La courbe s’est inversée. Pour la première fois depuis quinze ans et l’avènement du smartphone, le marché mondial du jeu vidéo mobile a vu ses revenus décroître en 2022. Le secteur, qui était jusqu’ici la branche la plus prolifique de la première industrie culturelle, a observé un déclin de 6,4 % par rapport à l’année précédente, selon un rapport du cabinet spécialisé Newzoo. Si elles restent élevées, ses recettes annuelles évaluées à 92,2 milliards de dollars (86,22 milliards d’euros) mettent fin à une longue série d’années de croissance, laquelle a été exacerbée en 2020 (+ 25,6 % sur un an) et 2021 (+ 7,3 %) alors que la pandémie de Covid-19 avait amplifié la consommation de jeux vidéo sur la plupart des supports.
L’une des raisons avancées par les experts pour expliquer ce revirement : la mise en œuvre, ces derniers mois, de nouvelles restrictions en matière de suivi publicitaire qui ont mis à mal le modèle économique des éditeurs de jeux vidéo pour mobiles, essentiellement basé sur la publicité ciblée.

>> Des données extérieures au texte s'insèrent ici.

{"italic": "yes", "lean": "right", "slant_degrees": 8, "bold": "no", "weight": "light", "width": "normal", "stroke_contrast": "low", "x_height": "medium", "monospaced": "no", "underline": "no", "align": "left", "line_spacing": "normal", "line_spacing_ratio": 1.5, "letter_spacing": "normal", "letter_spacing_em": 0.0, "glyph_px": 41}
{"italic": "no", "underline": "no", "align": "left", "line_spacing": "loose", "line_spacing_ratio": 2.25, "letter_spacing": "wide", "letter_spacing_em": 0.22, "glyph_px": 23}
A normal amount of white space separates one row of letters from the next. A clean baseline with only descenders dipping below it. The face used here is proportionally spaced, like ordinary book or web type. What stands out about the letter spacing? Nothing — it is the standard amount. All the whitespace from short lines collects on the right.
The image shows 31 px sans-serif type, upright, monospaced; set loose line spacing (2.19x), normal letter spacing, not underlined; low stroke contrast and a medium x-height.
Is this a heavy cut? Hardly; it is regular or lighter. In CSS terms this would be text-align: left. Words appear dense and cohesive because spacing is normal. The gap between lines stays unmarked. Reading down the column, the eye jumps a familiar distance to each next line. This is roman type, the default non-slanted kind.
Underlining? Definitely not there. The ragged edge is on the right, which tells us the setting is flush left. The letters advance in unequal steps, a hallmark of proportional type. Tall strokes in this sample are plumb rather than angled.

Un vent de confidentialité sur le marché de l’application mobile
En avril 2021, Apple ouvre les hostilités et lance l’App Tracking Transparency (ATT) avec la mise à jour 14.5 de son système d’exploitation iOS. Cette fonctionnalité demande à ses utilisateurs s’ils acceptent ou refusent, application par application, un suivi publicitaire. « Avant cela, sur les appareils iOS, chaque application avait un accès par défaut à un identifiant unique par utilisateur qui s’appelle IDFA [IDentifier For Advertisers] et qui permet aux régies publicitaires travaillant avec les éditeurs d’applications de construire des profils d’utilisateurs », explique Pierre Laperdrix, chercheur au CNRS et coauteur d’une étude en 2022 sur les traceurs présents dans les jeux vidéo mobiles.

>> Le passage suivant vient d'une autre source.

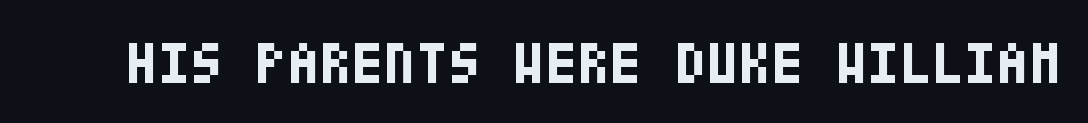
The image shows 59 px bold, condensed sans-serif type, upright; set normal letter spacing, not underlined; low stroke contrast and a large x-height.
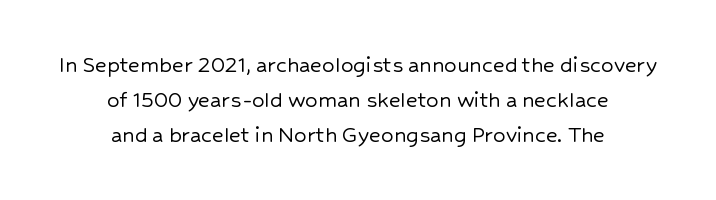
Q: Is the text italic (slanted)? A: No, it is upright.
Q: Is the text underlined? A: No.
Q: How is the paragraph aligned? A: Centered.
Q: Is the spacing between letters normal or unusually wide? A: Normal.
Q: Is the spacing between lines tight, normal or loose? A: Normal.
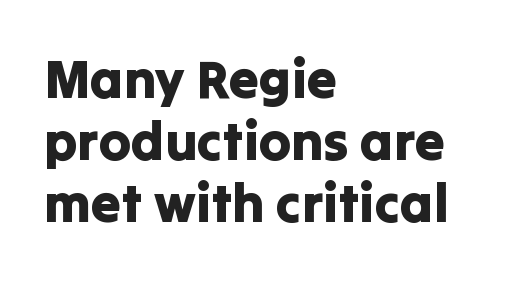
The image shows 54 px sans-serif type, upright; set left-aligned, tight line spacing (1.15x), normal letter spacing, not underlined; low stroke contrast and a medium x-height.
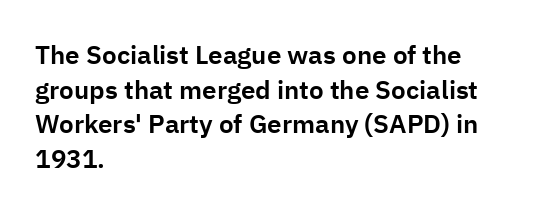
Reading down the block, your eye returns to a fixed left position each line. The line-height multiplier appears to be the usual default. Anything drawn beneath the words? Only blank space. Nope, not italic — everything's standing straight. No extra tracking has been applied to these lines.

En mars 2022, le taux de joueurs ayant refusé ce suivi publicitaire était de 54 % dans le monde et de 49 % en France, selon AppsFlyer
L’intérêt des IDFA : proposer aux utilisateurs des publicités personnalisées en fonction de croisements d’informations collectées grâce à diverses applications et évaluer précisément l’efficacité d’une campagne publicitaire. Mais avec l’ATT d’Apple, les éditeurs de jeux sur iOS ont désormais besoin, pour collecter l’identifiant publicitaire d’un joueur, de son consentement explicite. En mars 2022, selon un rapport de la société AppsFlyer, le taux de joueurs ayant refusé ce suivi publicitaire était de 54 % dans le monde et de 49 % en France.

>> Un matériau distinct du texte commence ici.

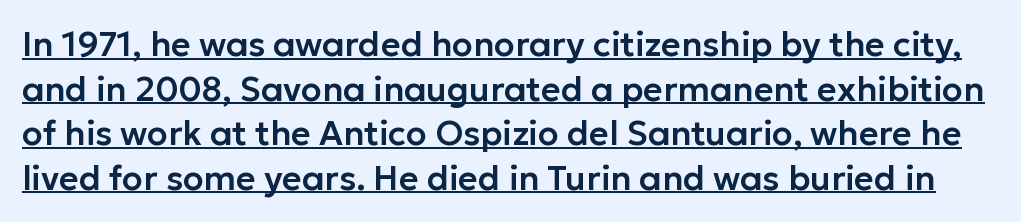
{"serif": "no", "italic": "no", "width": "normal", "stroke_contrast": "low", "x_height": "medium", "monospaced": "no", "underline": "yes", "line_spacing": "normal", "line_spacing_ratio": 1.31, "letter_spacing": "normal", "letter_spacing_em": 0.0, "glyph_px": 34}

Moins pressé de restreindre le suivi publicitaire de ses utilisateurs, car beaucoup plus dépendant de la publicité, Google, dont le système d’exploitation Android équipe plus de 70 % des smartphones de la planète, s’apprêterait cependant à emboîter le pas à Apple. Sa maison mère, Alphabet, a présenté, mardi 14 février, le déploiement en version bêta de son projet Privacy Sandbox. Dans une note de blog, Anthony Chavez, cadre de Google, évoque « de nouvelles APIs [interfaces de programmation d’applications] en mettant au centre la vie privée et n’utilisant pas d’identifiants capables de tracer votre activité à travers des applications et des sites Web ».